Since then her career has reached new heights, including the publication of her controversial book
Equality Means in
Everything:
A Divorce Lawyer's Guide to Modern Matrimony
, which came out two years ago in a blaze of
publicity that swept it to number one on the
New York Times
bestseller list. Does she regret how certain chapters were reported?

“There was certainly a lack of nuance about some points. I mean, I am a feminist, so to be portrayed as somehow anti-women was extremely hurtful. And seeking to punish a former partner through his or her wallet is far from an exclusively female pursuit! But I do stand by my view that marriage (and therefore divorce) isn't a meal ticket. Women can't pick and choose what gender equality means, and although I am well aware that nothing affects a woman's career trajectory like having children, the financial responsibilities of the home should and must be shared, as parenting should and must be shared. No able-bodied person should assume that the lifestyle they enjoy because of their marriage will continue if that marriage ends. In other words,
don't give up work, ladies
!”

One on one, James expresses her views so forcefully and articulately that resistance seems useless, but many people disagree with her views, commenting that until cultural expectations of a woman's role have changed dramatically, or women themselves are willing to relinquish the role of primary caretaker in the family, such a utopian vision of marital equality
is impractical. How, I ask her, has she managed to juggle her own brilliant career with motherhood?

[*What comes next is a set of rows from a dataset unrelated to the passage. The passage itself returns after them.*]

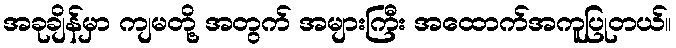
အခုချိန်မှာ ကျမတို့ အတွက် အများကြီး အထောက်အကူပြုတယ်။
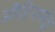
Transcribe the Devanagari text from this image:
डौडियाखेड़ा
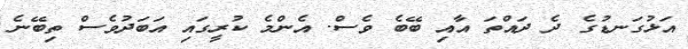
އަޅުގަނޑުގެ ދެ ދައްތަ އާއި ބޭބެ ވެސް. އެންމެ ކުރީގައި އަބަދުވެސް ތިބޭނެ
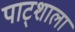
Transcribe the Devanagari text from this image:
पाट्शाला
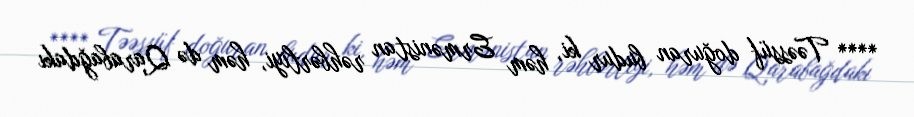
**** Təəssüf doğuran budur ki, həm Ermənistan rəhbərliyi, həm də Qarabağdakı
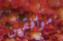
موافقين
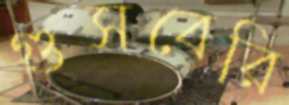
গুসবেরি
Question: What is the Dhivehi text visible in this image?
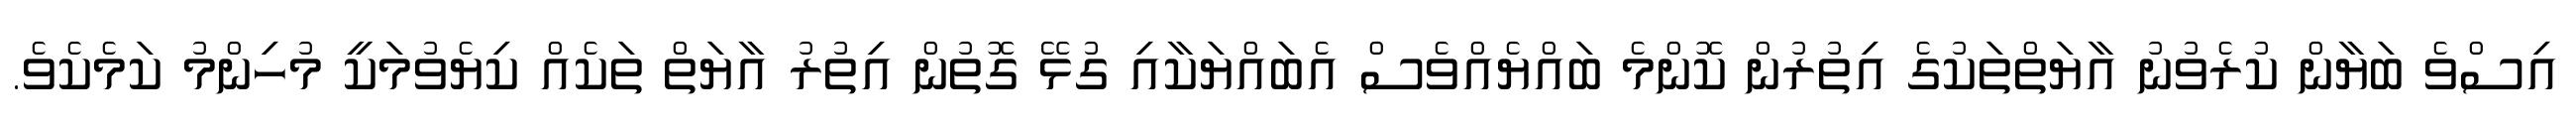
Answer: އިސްވެ ބަޔާން ކުރެވުނު އާޔަތްތަކުގެ އިތުރުން ކޮންމެ ބައްޔެއްވެސް އެބައްޔަކާއި ގުޅޭ ގޮތުން އިތުރު އާޔަތް ތަކެއް ކިޔެވުމަކީ މުހިންމު ކަމެކެވެ.
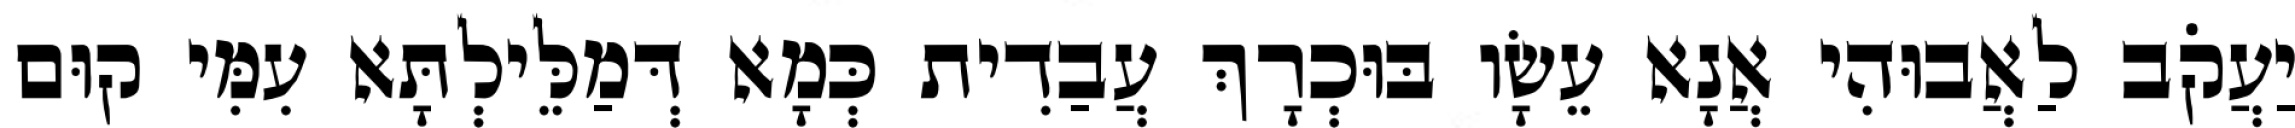
יַעֲקֹב לַאֲבוּהִי אֲנָא עֵשָׂו בּוּכְרָךְ עֲבַדִית כְּמָא דְּמַלֵּילְתָּא עִמִּי קוּם
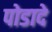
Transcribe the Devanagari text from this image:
पोडादे
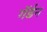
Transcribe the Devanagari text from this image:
गॅर्डन
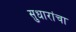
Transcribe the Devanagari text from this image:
सुधारांचा
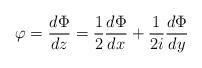
LaTeX: \begin{align*}\varphi=\displaystyle\frac{d\Phi}{dz}=\frac{1}{2}\frac{d\Phi}{dx}+\frac{1}{2i}\frac{d\Phi}{dy}\end{align*}
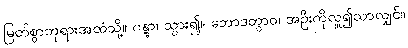
မြတ်စွာဘုရားအထံသို့။ ဂန္တွာ၊ သွား၍။ ဘောဒတွာဝ၊ အဦးကိုလှူ၍သာလျှင်။
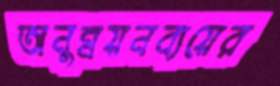
অনুন্নয়নব্যয়ের
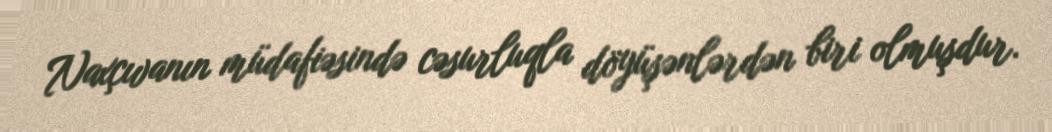
Naxçıvanın müdafiəsində cəsurluqla döyüşənlərdən biri olmuşdur.
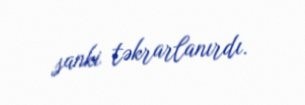
sanki təkrarlanırdı.
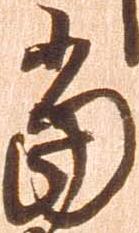
当
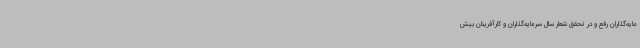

“Imperfectly,” she replies cheerfully, then turns suddenly serious. “I was far too young when I first got together with my ex-husband (Peter James, a professor of English and American literature). I was a terrible wife and I broke his heart, but thanks to his fortitude, and that of his wonderful new partner, we managed a good divorce.”

“So there is such a thing?” I ask. Her response surprises me.

“Personally, I still don't believe in divorce, particularly where there are children involved.”

“What about prenups?” I ask.

She replies without hesitation. “My boss, Curtis Oates, vehemently disagrees with me, but I think that's like opening the exit doors of the plane before buckling your seat belt. If you've got doubts about getting married, don't do it. That's my advice.”

And with this, she glances at the antique Jaeger-LeCoultre clock on her desk and shrugs in a disarmingly girlish manner. “I have to go. I'm making tuna surprise for dinner,” and, interview over, she offers to drop me off at a work event on her way home to her magnificent apartment in a landmark building in Tribeca.